Detect complex regions¶
Synopsis¶
Human chromosomes have large regions of highly identical repeats. They can be found in as clusters centromeres,
regions of segmental duplication, or in the acrocentric short arms of chromosomes.
Logsdon et al., Nature 2021 showed that chromosome 8 carries a modestly sized
centromere of approximately 1.5–2.2 Mb, in which AT-rich, 171-base-pair (bp) α-satellite
repeats are organized into a well-defined higher-order repeat (HOR) array. odgi
offers tools to detect and explore
such regions.
Steps¶
Get the Human chr8 dataset¶
Download the pangenome graph of the Human chromosome 8
in GFA
format, decompress it, and convert it to a graph in odgi
format:
wget -c https://s3-us-west-2.amazonaws.com/human-pangenomics/pangenomes/scratch/2021_05_06_pggb/gfas/chr8.pan.gfa.gz
gunzip chr8.pan.gfa.gz
odgi build -g chr8.pan.gfa -o chr8.pan.og --threads 2 -P
The last command creates a file called chr8.pan.og
, which contains the input graph in odgi
format. This graph contains
the contigs of 88 haploid, phased human genome assemblies from 44 individuals, plus the chm13 and GRCh38 reference genomes.
Obtain the depth over the pangenome¶
To identify the repetitive sequences, we can analyze the depth in the graph. Here we define as node depth the number of times in which the node is crossed by all the paths present in the graph.
To obtain the depth over the pangenome graph, execute:
odgi depth -i chr8.pan.og -r chm13#chr8 | \
bedtools makewindows -b /dev/stdin -w 5000 > chm13.chr8.w5kbps.bed
odgi depth -i chr8.pan.og -b chm13.chr8.w5kbps.bed --threads 2 | \
bedtools sort > chr8.pan.depth.w5kbps.bed
The chm13.chr8.w5kbps.bed
file contains 5000 bps interval windows across the chm13 reference chromosome 8. The depth
is computed for each of these windows, writing the result in the chr8.pan.depth.w5kbps.bed
file, in BED
format.
-r
specifies the path name from which to compute the depth from. -b
specifies the BED ranges of which the
depths should be calculated of.
Note
It will take a while to obtain the depth over all the windows. You can find the gzipped result in the test
folder
in the root of the odgi
project, in the chr8.pan.depth.w5kbps.bed.gz
file. Gunzip the file before using it.
Take a look at the first rows of the chr8.pan.depth.w5kbps.bed
file:
head chr8.pan.depth.w5kbps.bed -n 5 | column -t
chm13#chr8 0 5000 60.1014
chm13#chr8 5000 10000 89.5402
chm13#chr8 10000 15000 91.1302
chm13#chr8 15000 20000 90.0506
chm13#chr8 20000 25000 94.0238
The 4-th column indicates the mean depth
of each window. For each node within a window, the product between the node
depth and its length (in bp) is calculated. The overall total sum is divided by the length of the window (in bp). This
results in the mean depth
.
Plot the depth¶
Plotting the mean depth
distribution:
Mean depth
distribution of chromosome 8: Three high depth regions are present. Left: The β-defensin gene
cluster. Mid: The centromere. Right: The neo-centromere.
The centromere’s Higher-Order Repeat (HOR) organization¶
The chromosome 8 centromeric HOR array is primarily composed of four distinct HOR types represented by 4, 7, 8 or
11 α-satellite monomer cassettes.
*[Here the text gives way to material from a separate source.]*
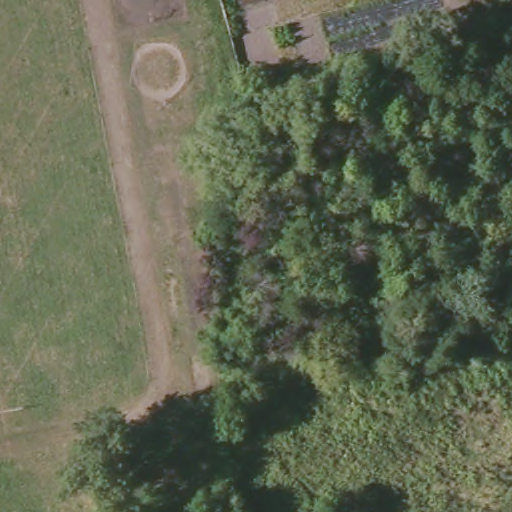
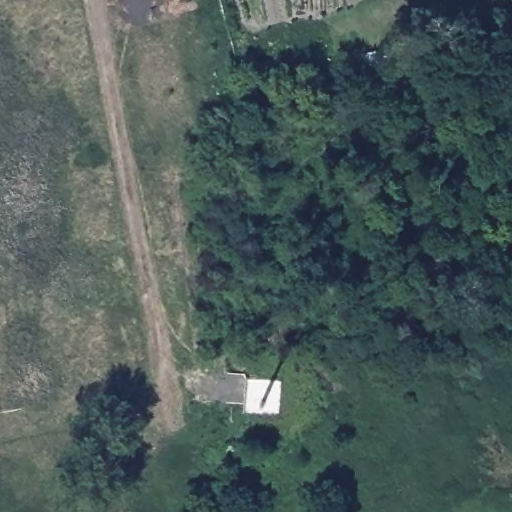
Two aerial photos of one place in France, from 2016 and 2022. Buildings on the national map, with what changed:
[]

Thankfully, Logsdon et al., Nature 2021 provide HOR
annotations (you can find them in the test
folder in the root of the odgi
project, in the chr8_HORarray_organization.colors.bed
file), so we can take a closer look at the centromere:
Mean depth
of the chromosome 8 centromeric HOR array. Every letter indicates an alpha-satellite monomer in the HOR (so, A,B,C,D,E,F,G,H,I,J,K
would indicate an HOR with 11 alpha-satellite monomers). The mean depth
drop falls into the hypomethylated and CENP-A-enriched regions, that have the highest consistent
entropy in the entire array. This is in concordance with the Logsdon et al., Nature 2021
publication, see the figure below. The drop in the depth may indicate hypervariability between genomes in the transition from methylated
to unmethylated DNA, or that the region is not alignable.
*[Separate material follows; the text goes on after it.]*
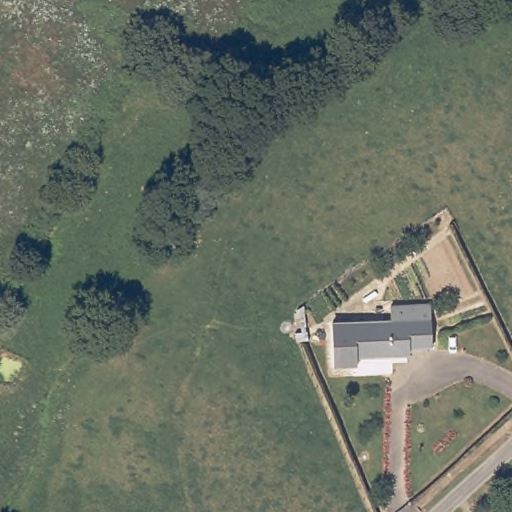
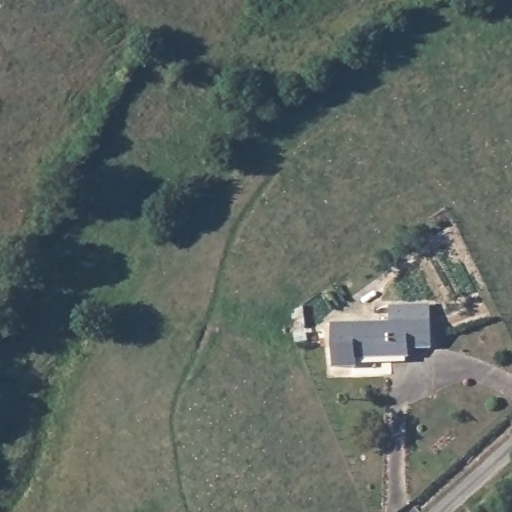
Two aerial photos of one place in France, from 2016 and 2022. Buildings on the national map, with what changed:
unchanged [(428,304),(428,343),(403,344),(403,353),(352,354),(352,362),(331,363),(330,322),(388,319),(387,305),(404,304),(428,304)]

Overview of the chm13 chromosome 8 D8Z2 α-satellite HOR array. a (top): Monomer arrangements of the HOR. a (bottom): The entropy plot of chromosome 8 reveals that the hypomethylated and CENP-A-enriched regions, that have the highest consistent entropy in the entire array. b: Structure of the α-satellite monomers listed by HOR. c: Frequency plot of the α-satellite monomers in the HOR. Figure taken from Logsdon et al., Nature 2021.